(Records excerpted from a collection)
● ● ●
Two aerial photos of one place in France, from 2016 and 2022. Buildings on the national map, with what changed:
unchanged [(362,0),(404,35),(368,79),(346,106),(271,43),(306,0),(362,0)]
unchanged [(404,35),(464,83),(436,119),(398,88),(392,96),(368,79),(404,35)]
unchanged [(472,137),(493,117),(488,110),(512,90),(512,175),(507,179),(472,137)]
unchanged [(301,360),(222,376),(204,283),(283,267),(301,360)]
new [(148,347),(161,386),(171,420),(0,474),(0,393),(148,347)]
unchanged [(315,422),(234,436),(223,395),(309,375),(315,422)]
● ● ●
§ **YOUR GOAL**
Above are the entries; return each one exactly.

§ **OUTPUT BELOW**
Two aerial photos of one place in France, from 2016 and 2022. Buildings on the national map, with what changed:
unchanged [(362,0),(404,35),(368,79),(346,106),(271,43),(306,0),(362,0)]
unchanged [(404,35),(464,83),(436,119),(398,88),(392,96),(368,79),(404,35)]
unchanged [(472,137),(493,117),(488,110),(512,90),(512,175),(507,179),(472,137)]
unchanged [(301,360),(222,376),(204,283),(283,267),(301,360)]
new [(148,347),(161,386),(171,420),(0,474),(0,393),(148,347)]
unchanged [(315,422),(234,436),(223,395),(309,375),(315,422)]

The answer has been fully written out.